Disclosure Documents include the National Instrument 43-101 compliant technical reports titled “NI 43-101 Technical Report on the Cozamin Mine, Zacatecas, Mexico” effective January 1, 2023, “NI 43-101 Technical Report on the Pinto Valley Mine, Arizona, USA” effective March 31, 2021, “Santo Domingo Project, Region III, Chile, NI 43-101 Technical Report” effective February 19, 2020, and “Mantos Blancos Mine NI 43-101 Technical Report Antofagasta / Región de Antofagasta, Chile” and “Mantoverde Mine and Mantoverde Development Project NI 43-101 Technical Report Chañaral / Región de Atacama, Chile”, both effective November 29, 2021.
The disclosure of Scientific and Technical Information in this document was reviewed and approved by Clay Craig, P.Eng., Director, Mining & Strategic Planning (technical information related to Mineral Reserves at Pinto Valley and Cozamin), and Cashel Meagher, P.Geo., President and Chief Operating Officer (technical information related to project updates at Santo Domingo and Mineral Reserves and Resources at Mantos Blancos and Mantoverde) all Qualified Persons under NI 43-101.
ALTERNATIVE PERFORMANCE MEASURES
This document refers to certain non-GAAP financial performance measures, including “C1 cash costs”, “cash costs”, “net cash”, “all-in costs”, “available liquidity”, “expansionary capital” and “sustaining capital” are Alternative Performance Measures.

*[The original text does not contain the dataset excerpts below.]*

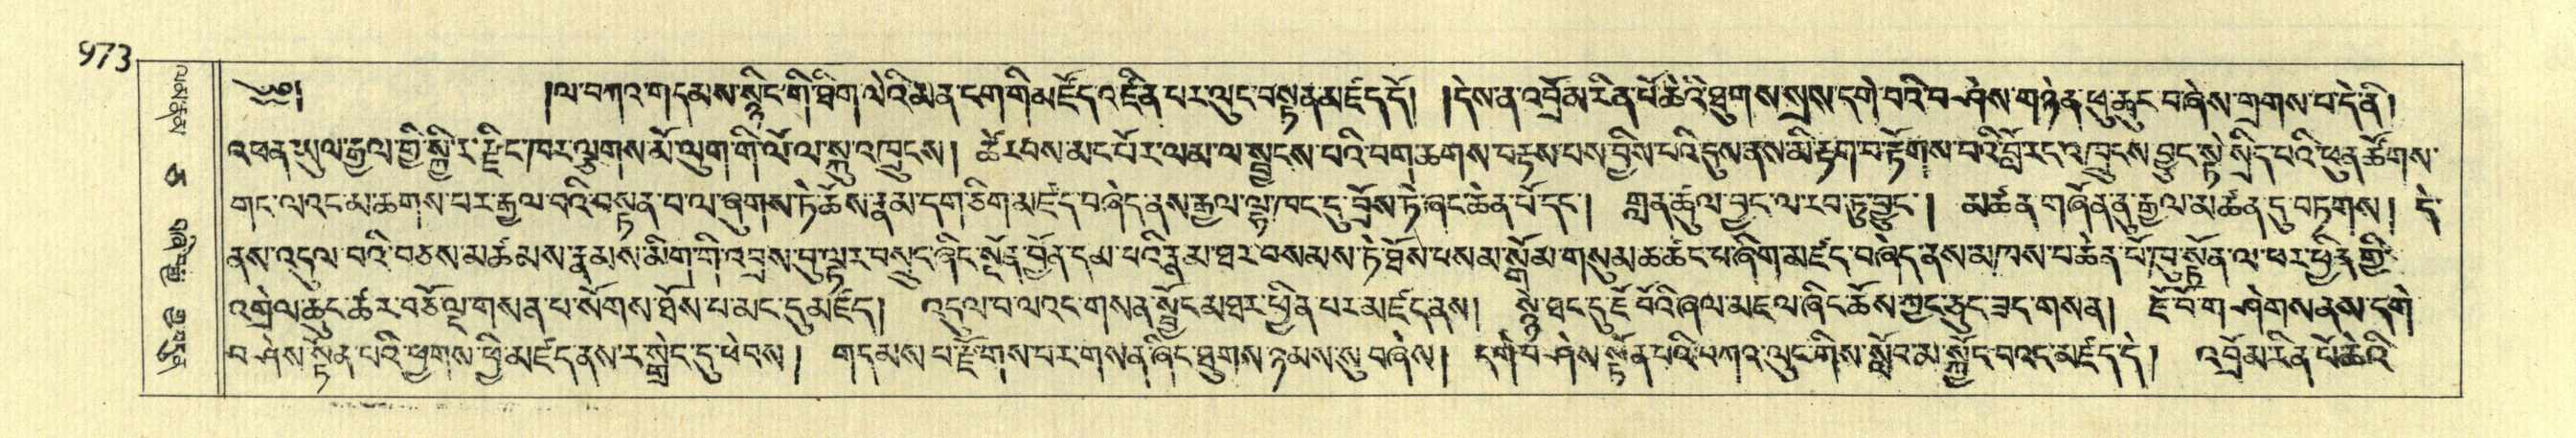༄༅། །ལ་བཀའ་གདམས་སྙིང་གི་ཐིག་ལེའི་མན་ངག་གི་མཛོད་འཛིན་པར་ལུང་བསྟན་མཛད་དོ། །དེས་ན་འབྲོམ་རིན་པོ་ཆེའི་ཐུགས་སྲས་དགེ་བའི་བཤེས་གཉེན་ཕུ་ཆུང་བ་ཞེས་གྲགས་པ་དེ་ནི་།
འཕན་ཡུལ་རྒྱལ་གྱི་སྐྱི་ར་རྫིང་ཁར་ལྕགས་མོ་ལུག་གི་ལོ་ལ་སྐུ་འཁྲུངས། ཚེ་རབས་མང་པོར་ལམ་ལ་སྦྱངས་པའི་བག་ཆགས་བརྟས་པས་བྱིས་པའི་དུས་ནས་མི་རྟག་བ་རྟོགས་པའི་བློ་རང་འཁྲུངས་བྱུང་སྟེ་སྲིད་པའི་ཕུན་ཚོགས་
གང་ལའང་མ་ཆགས་པར་རྒྱལ་བའི་བསྟན་བ་ལ་ཞུགས་ཏེ་ཆོས་རྣམ་དག་ཅིག་མཛད་བཞེད་ནས་རྒྱལ་ལྷ་ཁང་དུ་བྲོས་ཏེ་ཞང་ཆེན་པོ་དང་། གླན་ཚུལ་བྱང་ལ་རབ་ཏུ་བྱུང་། མཚན་གཞོན་ནུ་རྒྱལ་མཚན་དུ་བཏགས། དེ་
ནས་འདུལ་བའི་བཅས་མཚམས་རྣམས་མིག་གི་འབྲས་བུ་ལྟར་བསྲུང་ཞིང་སྔོན་བྱོན་དམ་པའི་རྣམ་ཐར་བསམས་ཏེ་ཐོས་པས་མ་སྒོམ་གསུམ་ཆ་ཚང་པ་ཞིག་མཛད་བཞེད་ནས་མཁས་པ་ཆེན་པོ་ཁུ་སྟོན་ལ་ཕར་ཕྱིན་གྱི་
འགྲེལ་ཆུང་ཚར་བཅོ་ལྔ་གསན་པ་སོགས་ཐོས་པ་མང་དུ་མཛད། འདུལ་བ་ལའང་གསན་སྦྱོང་མཐར་ཕྱིན་པར་མཛད་ནས། སྙེ་ཐང་དུ་ཇོ་བོའི་ཞལ་མཇལ་ཞིང་ཆོས་ཀྱང་ཅུང་ཟད་གསན། ཇོ་བོ་གཤེགས་ནས་དགེ་
བཤེས་སྟོན་པའི་ཕྱགས་ཕྱི་མཛད་ནས་ར་སྒྲེང་དུ་ཕེབས། གདམས་པ་རྫོགས་པར་གསན་ཞིང་ཐུགས་ཉམས་སུ་བཞེས། དགེ་བཤེས་སྟོན་པའི་བཀའ་ལུང་གིས་སློབ་མ་སྐྱོང་བའང་མཛད་དེ། འབྲོམ་རིན་པོ་ཆེའི་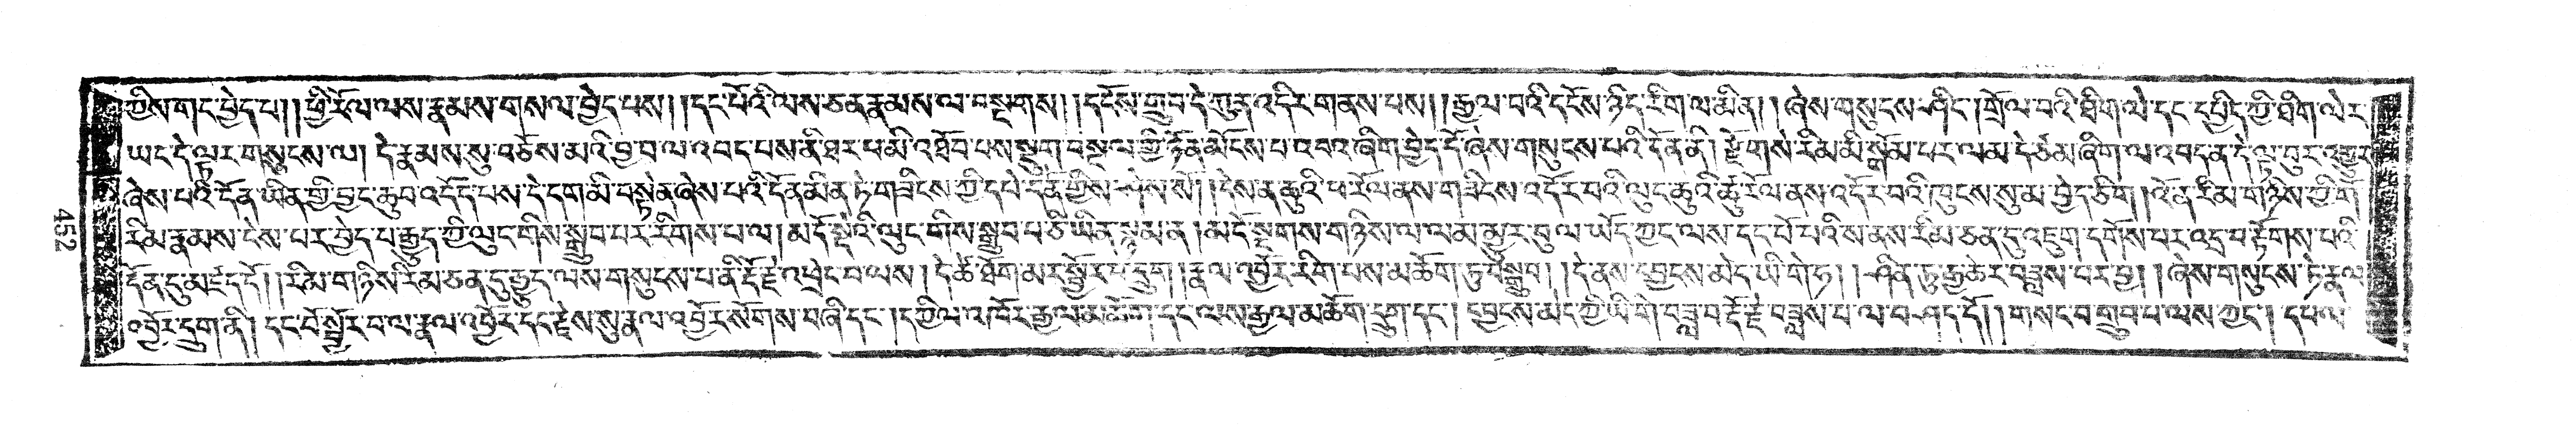ཀྱིས་གང་བྱེད་པ། །ཕྱི་རོལ་ལས་རྣམས་གསལ་བྱེད་པས། །དང་པོའི་ལས་ཅན་རྣམས་ལ་བསྔགས། །དངོས་གྲུབ་དེ་ཀུན་འདིར་གནས་པས། །རྒྱལ་བའི་དངོས་ཉིད་རིག་ལ་མིན། །ཞེས་གསུངས་ཤིང་།གྲོལ་བའི་ཐིག་ལེ་དང་དཔྱིད་ཀྱི་ཐིག་ལེར་
ཡང་དེ་ལྟར་གསུངས་ལ། དེ་རྣམས་སུ་བཅོས་མའི་བྱ་བ་ལ་འབད་པས་ནི་ཐར་པ་མི་འཐོབ་པས་སྡུག་བསྔལ་གྱི་ཉོན་མོངས་པ་འབའ་ཞིག་བྱེད་དོ་ཞེས་གསུངས་པའི་དོན་ནི། རྫོགས་སེ་རིམ་མི་སྒོམ་པར་ལམ་དེ་ཙམ་ཞིག་ལ་འབད་ན་དེ་ལྟ་བུར་འགྱུར་
ཞེས་པའི་དོན་ཡིན་གྱི་བྱང་ཆུབ་འདོད་པས་དེ་དག་མི་བསྟེན་ཞེས་པའི་དོན་མིན་ཏེ་གཟེངས་ཀྱི་དཔེ་དོན་གྱིས་ཤེས་སོ། །དེས་ན་ཆུའི་ཕ་རོལ་ནས་གཟིངས་འདོར་བའི་ལུང་ཆུའི་ཚུ་རོལ་ནས་འདོར་བའི་ཁུངས་སུ་མ་བྱེད་ཅིག །འོ་ན་རིམ་གཉིས་ཀྱི་གོ་
རིམ་རྣམས་ངེས་པར་བྱེད་པ་རྒྱུད་ཀྱི་ལུང་གིས་སྒྲུབ་པར་རིགས་པ་ལ། མདོ་སྡེའི་ལུང་གིས་སྒྲུབ་པ་ཅི་ཡིན་སྙམ་ན། མདོ་སྔགས་གཉིས་ལ་ལམ་མྱུར་བུལ་ཡོད་ཀྱང་ལས་དང་པོ་པའི་ས་ནས་རིམ་ཅན་དུ་འཇུག་དགོས་པར་འདྲ་བ་རྟོགས་པའི་
དོན་དུ་མཛད་དོ། །རིམ་གཉིས་རིམ་ཅན་དུ་རྒྱུད་ལས་གསུངས་པ་ནི་རྡོ་རྗེ་འཕྲང་བ་ལས། དེ་ཚེ་ཐོག་མར་སྦྱོར་བ་དྲུག །རྣལ་འབྱོར་རིག་པས་མཆོག་ཏུ་བསྒྲུབ། །དེ་ནས་དབྱངས་མེད་ཡི་གེ་ཧ། །ཤིན་ཏུ་རྒྱ་ཆེར་བཟླས་པར་བྱ། །ཞེས་གསུངས་ཏེ་རྣལ་
འབྱོར་དྲུག་ནི། དང་པོ་སྦྱོར་བ་ལ་རྣལ་འབྱོར་དང་རྗེས་སུ་རྣལ་འབྱོར་སོགས་བཞི་དང་།དཀྱིལ་འཁོར་རྒྱལ་མཆོག་དང་ལས་རྒྱལ་མཆོག་དྲུག་དང་། དབྱངས་མེད་ཀྱི་ཡི་གེ་བཟླ་བ་རྡོ་རྗེ་བཟླས་པ་ལ་བཤད་དོ། །གསང་བ་གྲུབ་པ་ལས་ཀྱང་།དཔལ་

Alternative performance measures are furnished to provide additional information. These non-GAAP performance measures are included in this presentation because these statistics are key performance measures that management uses internally to monitor performance, to assess how the Company is performing, to plan and to assess the overall effectiveness and efficiency of mining operations. These performance measures do not have a standard meaning within IFRS and, therefore, amounts presented may not be comparable to similar data presented by other mining companies. These performance measures should not be considered in isolation as a substitute for measures of performance in accordance with IFRS. For full information, please refer to the Company’s latest Management Discussion and Analysis published on its Financial Reporting webpage or on SEDAR (the “MD&A”).
C1 Cash Costs per pound: C1 cash costs per payable pound of copper produced is a measure reflective of operating costs per unit. C1 cash costs is calculated as cash production costs of metal produced net of by-product credits and is a key performance measure that management uses to monitor performance. Management uses this measure to assess how well the Company’s producing mines are performing and to assess overall efficiency and effectiveness of the mining operations and assumes that realized by-product prices are consistent with those prevailing during the reporting period.